Another way of examining accessibility inequalities is by comparing the number of opportunities that can be reached by different population groups considering the same transport modes and travel time limits. In this case, we analyze the total number of jobs accessible by people of different income deciles by public transport in up to 60 minutes. To do this, we look at the active cumulative access (`CMA`) to total jobs (`TT`) in to up to 60 minutes, which is represented by the column `CMATT60` in the dataset.

```{r}
#| label: fig-accessible_jobs_by_income
#| fig-cap: Distribution of job accessibility by public transport in up to 60 minutes of travel in São Paulo
ggplot(subset(access_pt, !is.na(R003))) +
  geom_boxplot(
    aes(x = factor(R003), y = CMATT60 / 1000000, color = factor(R003))
  ) +
  scale_color_brewer(palette = "RdBu") +
  labs(
    color = "Income\ndecile",
    x = "Income decile",
    y = "Accessible jobs (millions)"
  ) +
  scale_x_discrete(
    labels = c("D1\npoorest", paste0("D", 2:9), "D10\nwealthiest")
  ) +
  theme_minimal()
```

Finally, we can also compare how the usage of different transport modes can lead to different accessibility levels and how the discrepancy between modes varies across cities. In the example below, we compare the number of jobs that one can access in up to 30 minutes of walking and driving.
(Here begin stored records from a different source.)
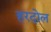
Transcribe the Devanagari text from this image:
हरदोल
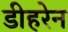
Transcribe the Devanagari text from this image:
डीहरेन
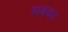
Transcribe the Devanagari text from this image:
शबका
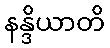
နန္ဒိယာတိ
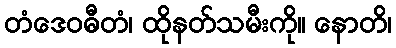
တံဒေဝဓီတံ၊ ထိုနတ်သမီးကို။ နောတိ၊
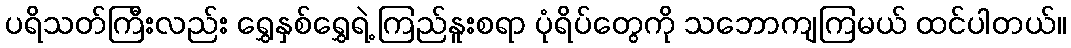
ပရိသတ်ကြီးလည်း ရွှေနှစ်ရွှေရဲ့ ကြည်နူးစရာ ပုံရိပ်တွေကို သဘောကျကြမယ် ထင်ပါတယ်။
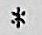
*
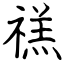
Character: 禚
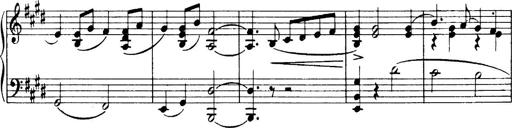
Title: 3 Sonatinas, Op.67
Composer: Jean Sibelius
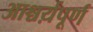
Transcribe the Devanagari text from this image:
आश्चर्य़पूर्ण

To do this, we first download accessibility estimates by both transport modes for all cities included in the `{aopdata}` package.

```{r}
#| message: false
data_car <- aopdata::read_access(
  city = "all",
  mode = "car",
  year = 2019,
  showProgress = FALSE
)

data_walk <- aopdata::read_access(
  city = "all",
  mode = "walk",
  year = 2019,
  showProgress = FALSE
)
```
 
Next, we calculate, for each city and transport mode, the weighted average number of jobs accessible by trips of up to 30 minutes (`CMATT30`). We then join these estimates together into a single table and calculate the ratio between car and walk accessibility levels.

```{r}
avg_car <- data_car[
  ,
  .(access_car = weighted.mean(CMATT30, w = P001, na.rm = TRUE)),
  by = name_muni
]

avg_walk <- data_walk[
  ,
  .(access_walk = weighted.mean(CMATT30, w = P001, na.rm = TRUE)),
  by = name_muni
]

# merges the data and calculates the ratio between access by car and on foot
avg_access <- merge(avg_car, avg_walk)
avg_access[, ratio := access_car / access_walk]

head(avg_access)
```

Finally, we can analyze the results using a chart:

```{r}
#| label: fig-car_walk_ratio
#| fig-cap: Ratio between job accessibility levels by car and by foot considering trips of up to 30 minutes in the 20 biggest Brazilian cities
ggplot(avg_access, aes(x = ratio, y = reorder(name_muni, ratio))) +
  geom_bar(stat = "identity") +
  geom_text(aes(x = ratio + 3 , label = paste0(round(ratio), "x"))) +
  labs(y = NULL, x = "Ratio between car and walk accessibility") +
  theme_classic()
```

As expected, @fig-car_walk_ratio shows that car trips lead to much higher accessibility levels than equally long walking trips. This difference, however, greatly varies across cities. In São Paulo and Brasília, a 30-minute car trip allows one to access, on average, 54 times more jobs than what it would be possible to access with walking trips. In Belém, the city from our sample with the smallest difference, one can access 17 times more jobs by car than by foot - still a substantial difference, but much smaller than in other cities.